**WHAT IS REQUIRED**
Leaving out pictures, output exactly the lines below from the one that has "Magnetic field strength: 1.5 T" through the one that has "Font: LibreCaslonText_Medium", and nothing else.

**TASK DATA**
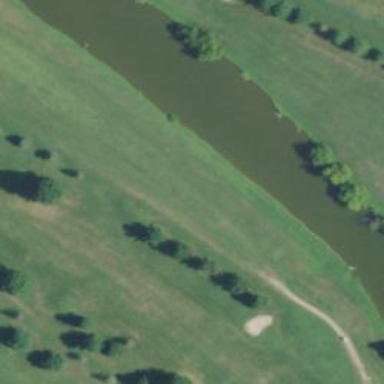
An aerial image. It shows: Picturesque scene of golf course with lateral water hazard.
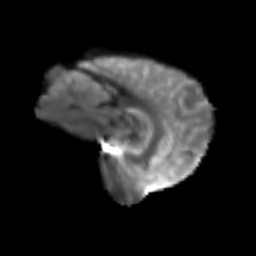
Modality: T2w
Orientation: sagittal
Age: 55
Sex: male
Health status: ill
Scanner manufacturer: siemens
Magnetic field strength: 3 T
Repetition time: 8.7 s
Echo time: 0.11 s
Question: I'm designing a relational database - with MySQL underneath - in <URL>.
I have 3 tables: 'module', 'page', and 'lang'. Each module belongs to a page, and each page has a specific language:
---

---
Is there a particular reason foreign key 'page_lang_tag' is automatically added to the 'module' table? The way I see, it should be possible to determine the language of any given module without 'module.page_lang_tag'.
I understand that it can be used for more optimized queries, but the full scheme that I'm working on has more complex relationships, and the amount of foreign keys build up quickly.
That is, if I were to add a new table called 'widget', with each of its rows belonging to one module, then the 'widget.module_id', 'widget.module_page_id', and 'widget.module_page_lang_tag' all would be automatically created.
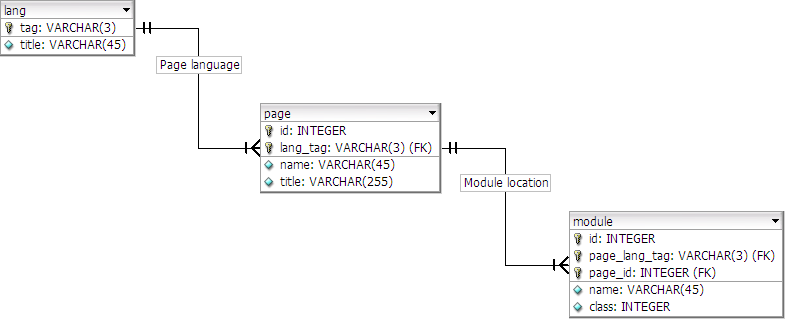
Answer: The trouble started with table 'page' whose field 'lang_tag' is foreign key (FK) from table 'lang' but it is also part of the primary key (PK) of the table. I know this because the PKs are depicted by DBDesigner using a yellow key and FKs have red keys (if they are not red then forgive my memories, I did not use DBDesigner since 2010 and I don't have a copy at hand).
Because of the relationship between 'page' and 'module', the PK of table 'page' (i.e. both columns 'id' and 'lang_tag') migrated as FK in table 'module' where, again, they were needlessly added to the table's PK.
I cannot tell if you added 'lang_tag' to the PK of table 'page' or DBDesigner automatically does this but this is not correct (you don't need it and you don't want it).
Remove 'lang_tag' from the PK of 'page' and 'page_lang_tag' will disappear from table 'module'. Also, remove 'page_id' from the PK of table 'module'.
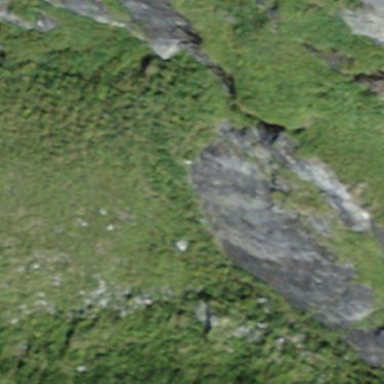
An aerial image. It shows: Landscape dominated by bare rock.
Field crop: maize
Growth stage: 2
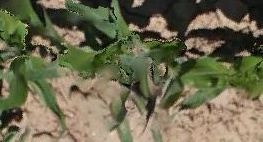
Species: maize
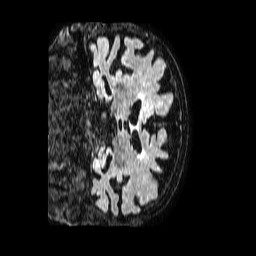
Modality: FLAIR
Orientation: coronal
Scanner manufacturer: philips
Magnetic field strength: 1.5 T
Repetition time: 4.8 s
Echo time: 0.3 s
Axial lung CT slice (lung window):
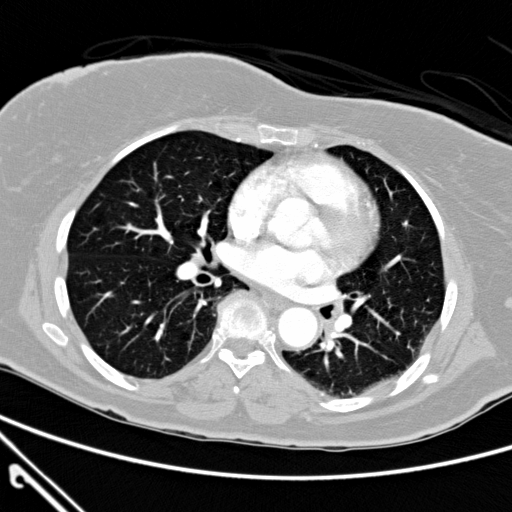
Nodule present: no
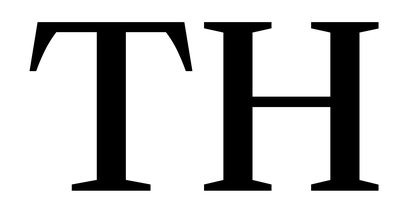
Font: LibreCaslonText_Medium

---

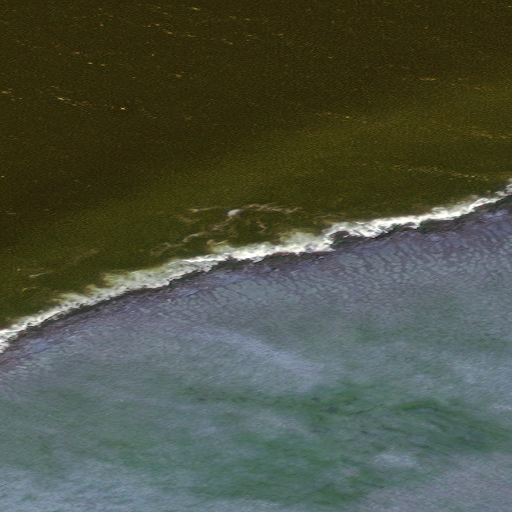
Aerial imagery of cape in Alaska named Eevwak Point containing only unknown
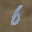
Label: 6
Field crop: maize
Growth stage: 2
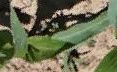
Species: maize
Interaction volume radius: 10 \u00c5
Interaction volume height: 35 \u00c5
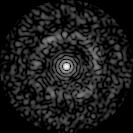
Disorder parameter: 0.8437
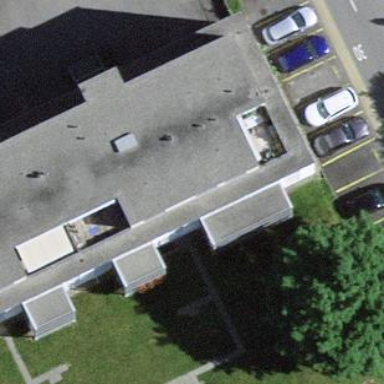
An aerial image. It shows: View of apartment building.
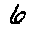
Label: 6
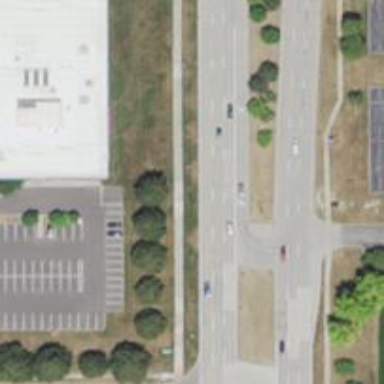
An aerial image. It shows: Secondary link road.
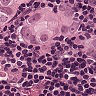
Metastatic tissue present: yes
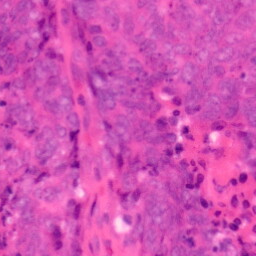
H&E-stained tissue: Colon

**ANSWER FOR THE TASK**
Magnetic field strength: 1.5 T
Repetition time: 4.8 s
Echo time: 0.3 s
Axial lung CT slice (lung window):
Nodule present: no
Font: LibreCaslonText_Medium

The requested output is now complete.